By Kashyap Arora
Edited by Sanchita Malhotra, Associate Editor, The Indian Economist
The formation of the BRICS nations, which have often been mocked by some as an impractical concept, have finally shown some strength and progress in the form of the commitment of its member nations towards formation of a “New Development Bank (NDB)”, formerly referred to as the BRICS Development Bank. The bank comes with an initial subscribe capital of $50 million, which will be shared equally among the BRICS nations.
The fund which will consist of $10 billion of “paid in capital” ($2 billion from each member to be provided over seven years) and an additional $40 billion to be “paid upon request”, has been set up primarily for funding infrastructure and sustainable development projects in the BRICS countries, and will also be subsequently open to other economies for membership and borrowing purposes, however, with the capital share of the BRICS nations always remaining at least 55% or above. Furthermore, the capital made by the bank would be shared evenly between the BRICS nations. The bank will also take advantage of the booming green bonds market, where Germany has just committed a further €750 million (£594m) to the fund.
In addition to the above, the BRICS nations have also created a $100 billion Contingent Reserve Arrangement (CRA), which will be funded 41% by China, 18% each by Brazil, India, and Russia, and 5% by South Africa. The CRA will be used for providing additional liquidity to the member nations during balance of payment problems. One fact worth noting is the planned initial contribution from China to the new bank being only a slightly less than its paid in capital at the World Bank, and the other BRICS nations planned contribution being more than what they do at the World bank.

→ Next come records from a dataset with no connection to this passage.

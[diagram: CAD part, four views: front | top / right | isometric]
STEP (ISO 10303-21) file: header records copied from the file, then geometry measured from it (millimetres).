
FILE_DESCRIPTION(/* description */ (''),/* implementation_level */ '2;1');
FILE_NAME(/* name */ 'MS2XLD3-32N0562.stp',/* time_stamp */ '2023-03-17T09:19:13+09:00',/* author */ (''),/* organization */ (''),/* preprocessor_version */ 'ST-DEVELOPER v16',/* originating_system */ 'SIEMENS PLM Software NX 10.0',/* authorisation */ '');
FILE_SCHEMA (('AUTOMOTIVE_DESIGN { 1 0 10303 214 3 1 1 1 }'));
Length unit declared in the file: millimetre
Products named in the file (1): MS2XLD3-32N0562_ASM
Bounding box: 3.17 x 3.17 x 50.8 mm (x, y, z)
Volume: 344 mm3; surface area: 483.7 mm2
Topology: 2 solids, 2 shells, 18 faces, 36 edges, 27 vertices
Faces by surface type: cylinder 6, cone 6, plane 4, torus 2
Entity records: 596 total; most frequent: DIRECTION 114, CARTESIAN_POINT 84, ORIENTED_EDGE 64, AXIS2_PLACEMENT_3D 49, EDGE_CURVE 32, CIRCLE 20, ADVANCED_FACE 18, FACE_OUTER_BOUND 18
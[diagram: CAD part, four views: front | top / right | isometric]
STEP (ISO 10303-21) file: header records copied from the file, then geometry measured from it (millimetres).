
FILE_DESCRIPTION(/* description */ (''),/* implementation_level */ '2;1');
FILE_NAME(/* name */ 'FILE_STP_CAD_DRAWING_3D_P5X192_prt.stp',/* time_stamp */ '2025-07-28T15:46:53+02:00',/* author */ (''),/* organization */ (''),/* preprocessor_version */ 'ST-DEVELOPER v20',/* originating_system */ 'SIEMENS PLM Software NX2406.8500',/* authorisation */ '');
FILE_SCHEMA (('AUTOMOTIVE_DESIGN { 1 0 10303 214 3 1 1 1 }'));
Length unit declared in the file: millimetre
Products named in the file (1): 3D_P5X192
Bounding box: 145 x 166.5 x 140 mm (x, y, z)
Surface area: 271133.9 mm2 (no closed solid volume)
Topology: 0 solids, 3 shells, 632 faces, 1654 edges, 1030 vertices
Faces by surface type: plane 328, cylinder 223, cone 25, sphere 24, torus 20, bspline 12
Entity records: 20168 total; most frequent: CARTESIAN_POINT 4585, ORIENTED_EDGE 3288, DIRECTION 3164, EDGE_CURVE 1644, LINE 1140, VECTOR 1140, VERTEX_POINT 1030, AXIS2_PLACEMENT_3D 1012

Factors triggering the formation of New Development Bank (NDB):
The two major factors contributing towards the formation of the NDB comprise firstly of the emergence of the BRICS nations as a big economic power, with its solidified trade and commerce ties with the emerging market economies and developing countries (EMDCs), and secondly the growing dissatisfaction towards the Bretton-Woods institutions. Some crucial objections placed towards the Bretton-Woods institutions comprise of the lack of equitable structures, numerous layers of obligations for the borrowers going further beyond the financial obligations for repayment and economic restructuring, and its use by the Westernized international community to promote spreading of a vision consistent with its values.
Contrary to the Bretton-Woods institutions the BRICS nations have adopted an equitable structure of ‘one-nation one-vote’ for its “New Development Bank (NDB)”, and has also proposed to provide assistance to other economies suffering from volatility due to United States’ exit from its expansionary monetary policy through its bank. Furthermore, initiatives similar to BRICS-sponsored development bank have sprung up in the past mostly due to growing dissatisfaction with the might and influence of Bretton-Woods twin institutions, some of the prime examples of such institutions are the Development Bank of Latin America (created by Andean nations) in the 60s, the Chiang Mai Initiative in early 2000 (of 10 ASEAN nations plus China, South Korea and Japan, and the latest establishment of the Bank of South by Latin American countries in 2009.
Thus, the New Development Bank comes at a time when reforms at the Bretton-Woods institutions having proved to be largely ineffective and the U.S. and European nations have shown reluctance towards BRICS nations becoming more powerful in the governance structure of the Bretton-Woods twin. However, it is still early days for the BRICS sponsored Development Bank and it is imperative for its member nations to put in place a conflict resolution mechanism along with an effective supervisory regime and a proper credit appraisal mechanism. One thing which is for sure though is that the existence of a new lending option in form of the NDB, will definitely lead to softening or reduction of the conditionality requirements put forward by development banks including the World Bank, a changes which will also slow down the development prospects of people in emerging economies.
An economist from University of Warwick, Kashyap is an avid reader, writer, and tactician with a real zeal for economics and finance. He has also professionally represented and worked for some of the most prestigious organizations such as Standard and Poor, and HDFC. It is his passion which drew him towards “The Indian Economist”, where he aims to study aspects of Indian economic and polity scenario from a different perspective and derive more involvement from his readers, thus, laying down the foundation for a highly aware future generation.